• **TASK PROMPT**
Once the pictures are set aside, repeat all of the data below exactly.

• **RECORDED DATA**
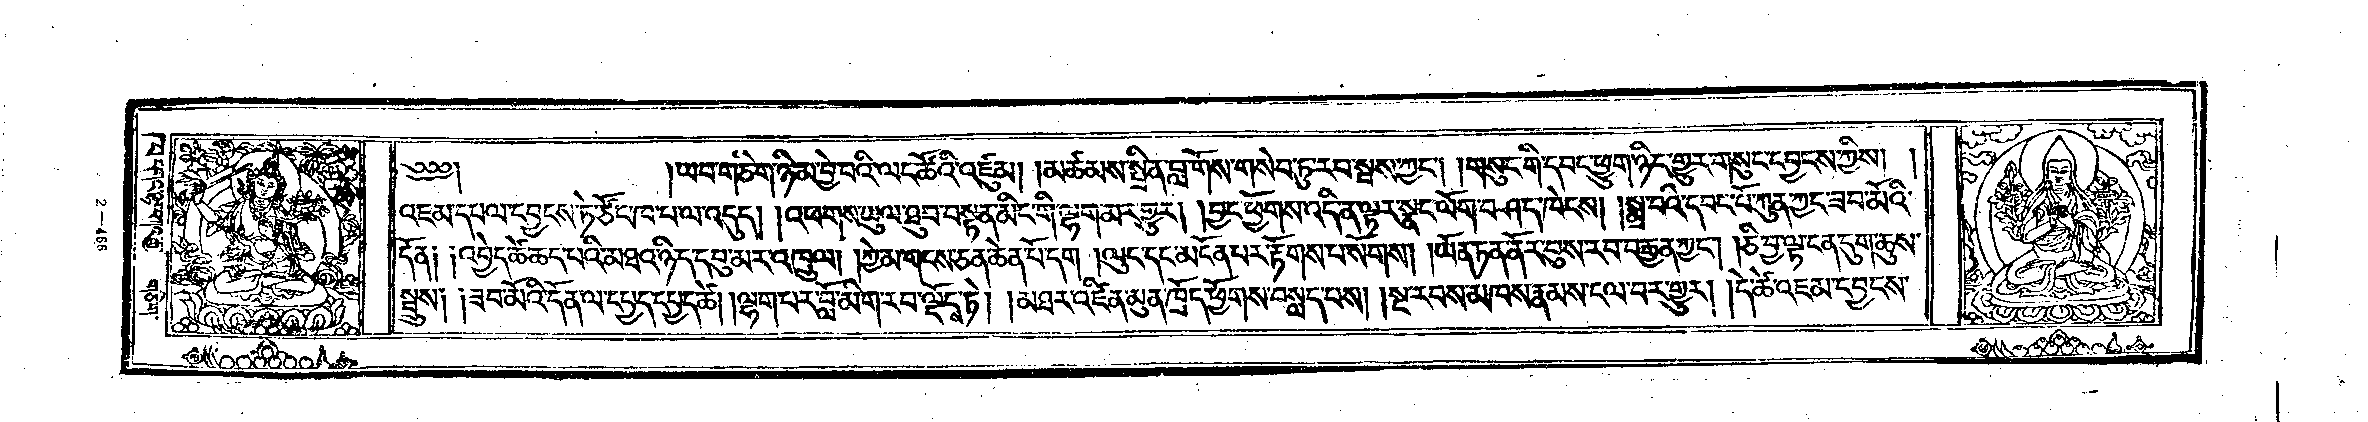༄༅༅། །ཡབ་གཅིག་ཉི་མ་བྱེ་བའི་ལང་ཚོའི་འཛུམ། །མཚམས་སྤྲིན་བླ་གོས་གསེབ་ཏུ་རབ་སྦས་ཀྱང་། །གསུང་གི་དབང་ཕྱུག་ཉིད་གྱུར་གསུང་དབྱངས་ཀྱིས། །
འཇམ་དཔལ་དབྱངས་ཏེ་ཙོང་ཁ་པ་ལ་འདུད། །འཕགས་ཡུལ་ཐུབ་བསྟན་མིང་གི་ལྷག་མར་གྱུར། །བྱང་ཕྱོགས་འདི་ན་ལྟར་སྣང་ལོག་བཤད་ཁེངས། །སྨྲ་བའི་དབང་པོ་ཀུན་ཀྱང་ཟབ་མོའི་
དོན༑ ༑འབྱེད་ཚེ་ཆད་པའི་མཐའ་ཉིད་དབུ་མར་འཁྲུལ། །ཀྱེ་མ་གངས་ཅན་ཆེན་པོ་དག །ལུང་དང་མངོན་པར་རྟོགས་པ་སོགས། །ཡོན་ཏན་ནོར་བུས་རབ་བརྒྱན་ཀྱང་། །ཅི་བྱ་ལྟ་ངན་དུག་ཆུས་
སྦྲུས༑ ༑ཟབ་མོའི་དོན་ལ་དཔྱད་དཔྱད་ཚེ། །ལྷག་པར་བློ་མིག་རབ་ལྡོངས་ཏེ། །མཐར་འཛིན་མུན་ཁྲོད་ཕྱོགས་བསླད་པས། །སྔ་རབས་མཁས་རྣམས་ངལ་བར་གྱུར། །དེ་ཚེ་འཇམ་དབྱངས་

• **RESPONSE AREA**
༄༅༅། །ཡབ་གཅིག་ཉི་མ་བྱེ་བའི་ལང་ཚོའི་འཛུམ། །མཚམས་སྤྲིན་བླ་གོས་གསེབ་ཏུ་རབ་སྦས་ཀྱང་། །གསུང་གི་དབང་ཕྱུག་ཉིད་གྱུར་གསུང་དབྱངས་ཀྱིས། །
འཇམ་དཔལ་དབྱངས་ཏེ་ཙོང་ཁ་པ་ལ་འདུད། །འཕགས་ཡུལ་ཐུབ་བསྟན་མིང་གི་ལྷག་མར་གྱུར། །བྱང་ཕྱོགས་འདི་ན་ལྟར་སྣང་ལོག་བཤད་ཁེངས། །སྨྲ་བའི་དབང་པོ་ཀུན་ཀྱང་ཟབ་མོའི་
དོན༑ ༑འབྱེད་ཚེ་ཆད་པའི་མཐའ་ཉིད་དབུ་མར་འཁྲུལ། །ཀྱེ་མ་གངས་ཅན་ཆེན་པོ་དག །ལུང་དང་མངོན་པར་རྟོགས་པ་སོགས། །ཡོན་ཏན་ནོར་བུས་རབ་བརྒྱན་ཀྱང་། །ཅི་བྱ་ལྟ་ངན་དུག་ཆུས་
སྦྲུས༑ ༑ཟབ་མོའི་དོན་ལ་དཔྱད་དཔྱད་ཚེ། །ལྷག་པར་བློ་མིག་རབ་ལྡོངས་ཏེ། །མཐར་འཛིན་མུན་ཁྲོད་ཕྱོགས་བསླད་པས། །སྔ་རབས་མཁས་རྣམས་ངལ་བར་གྱུར། །དེ་ཚེ་འཇམ་དབྱངས་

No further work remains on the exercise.